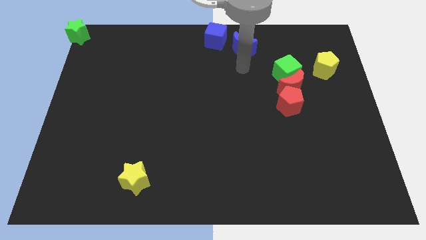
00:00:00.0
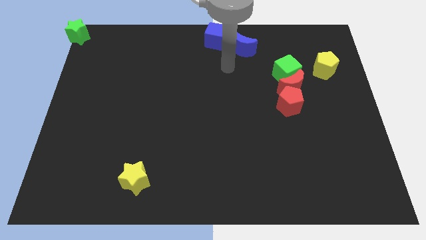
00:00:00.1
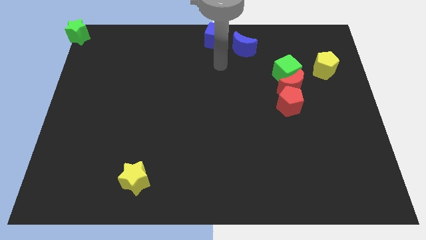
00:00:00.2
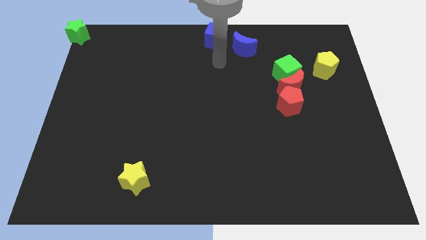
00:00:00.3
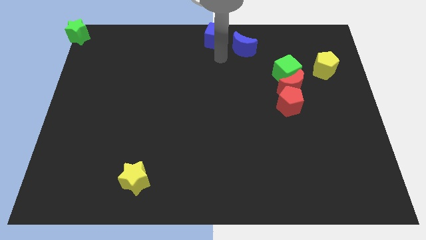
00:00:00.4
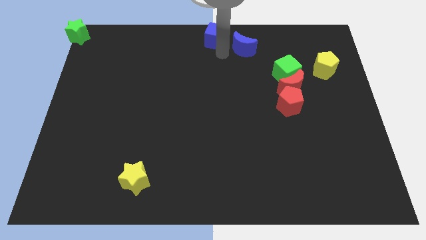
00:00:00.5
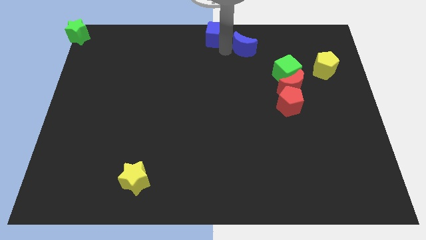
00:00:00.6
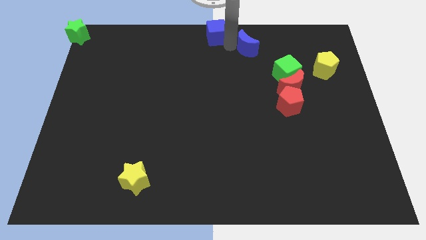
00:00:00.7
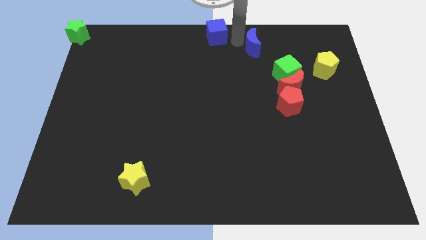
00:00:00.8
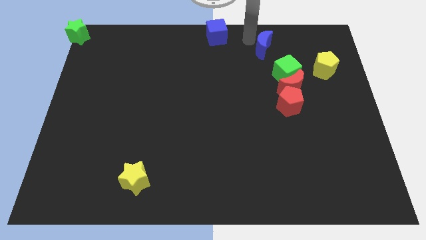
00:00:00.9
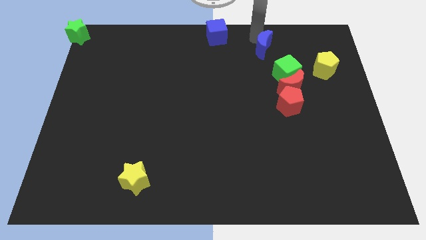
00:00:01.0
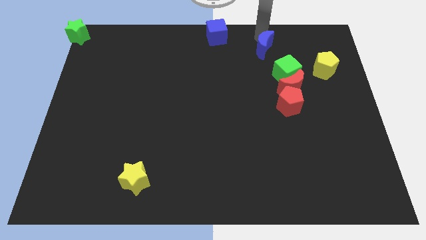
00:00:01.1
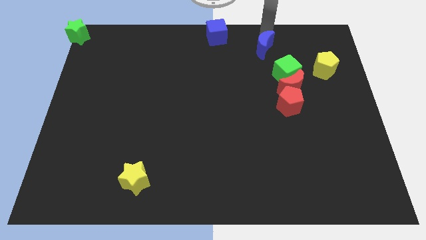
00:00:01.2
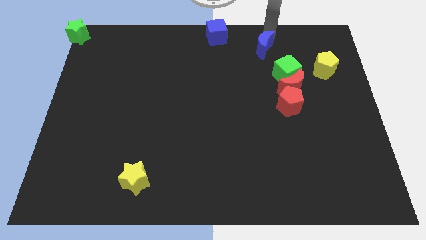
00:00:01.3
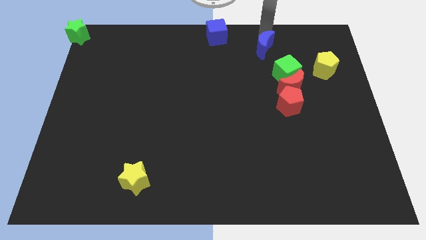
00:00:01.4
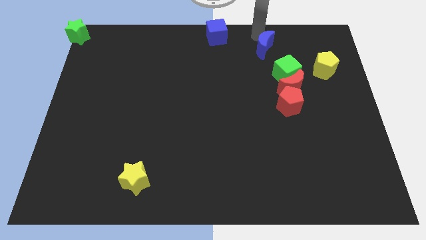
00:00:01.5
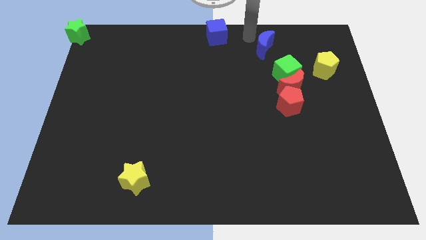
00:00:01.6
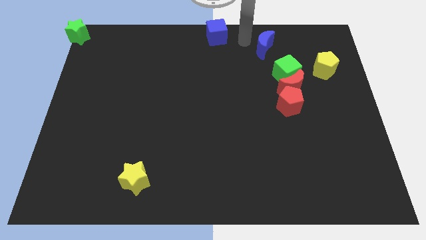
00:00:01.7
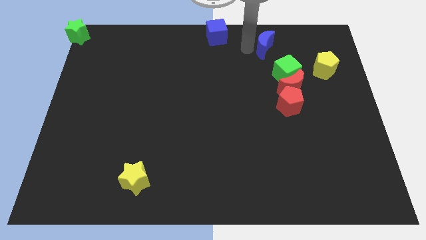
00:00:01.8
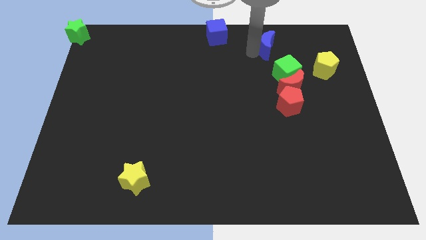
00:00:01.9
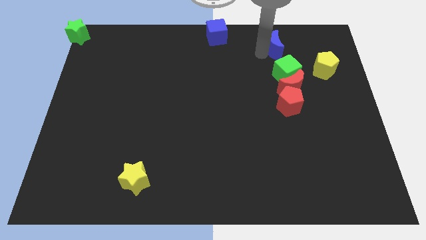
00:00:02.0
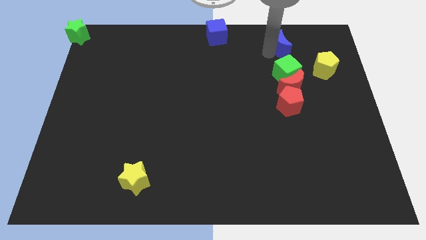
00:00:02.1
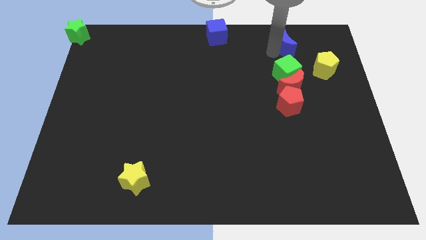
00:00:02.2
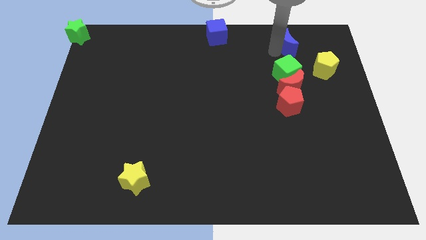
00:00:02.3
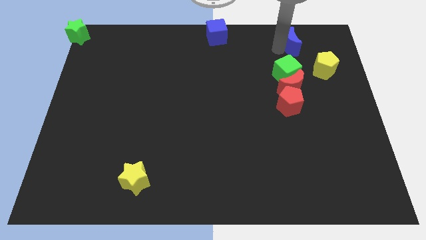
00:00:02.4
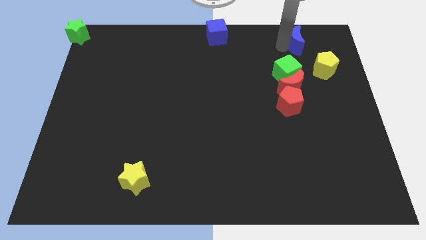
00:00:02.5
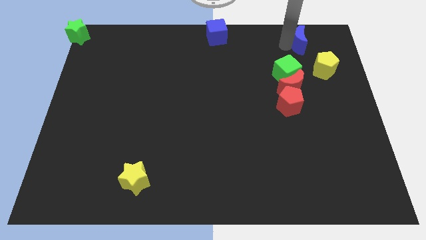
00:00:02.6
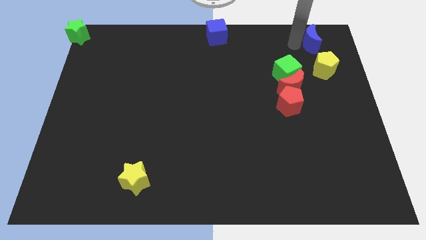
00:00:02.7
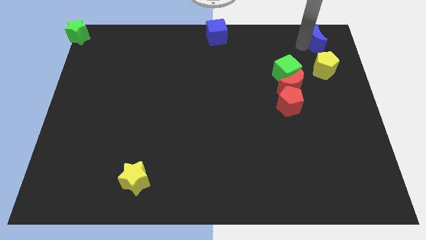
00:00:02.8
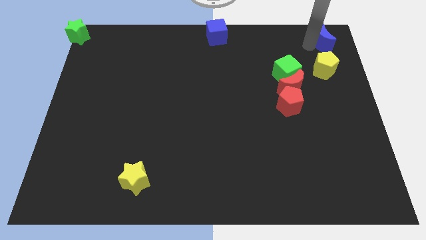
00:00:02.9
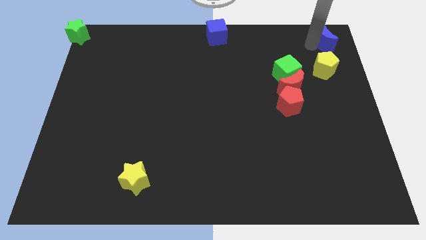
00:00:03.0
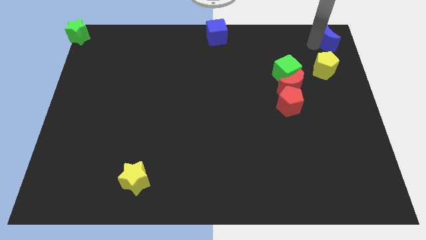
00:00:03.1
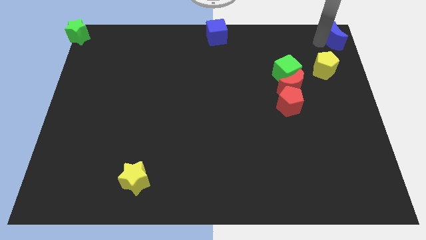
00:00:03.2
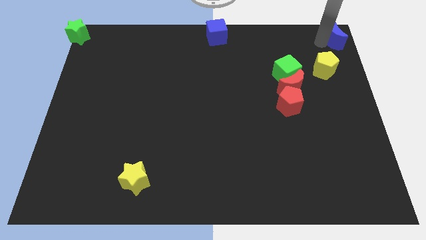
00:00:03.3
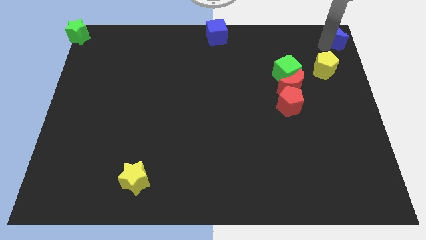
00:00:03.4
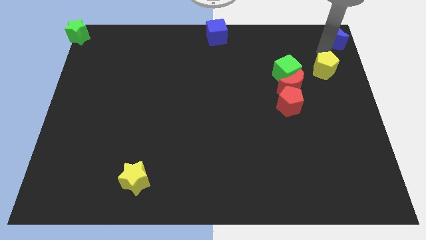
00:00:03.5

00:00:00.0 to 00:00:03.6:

* **Task objective**
Each entry, start to finish, goes into your copy exactly; the pictures stay out.

* **Task response**
00:00:00.0
00:00:00.1
00:00:00.2
00:00:00.3
00:00:00.4
00:00:00.5
00:00:00.6
00:00:00.7
00:00:00.8
00:00:00.9
00:00:01.0
00:00:01.1
00:00:01.2
00:00:01.3
00:00:01.4
00:00:01.5
00:00:01.6
00:00:01.7
00:00:01.8
00:00:01.9
00:00:02.0
00:00:02.1
00:00:02.2
00:00:02.3
00:00:02.4
00:00:02.5
00:00:02.6
00:00:02.7
00:00:02.8
00:00:02.9
00:00:03.0
00:00:03.1
00:00:03.2
00:00:03.3
00:00:03.4
00:00:03.5

00:00:00.0 to 00:00:03.6:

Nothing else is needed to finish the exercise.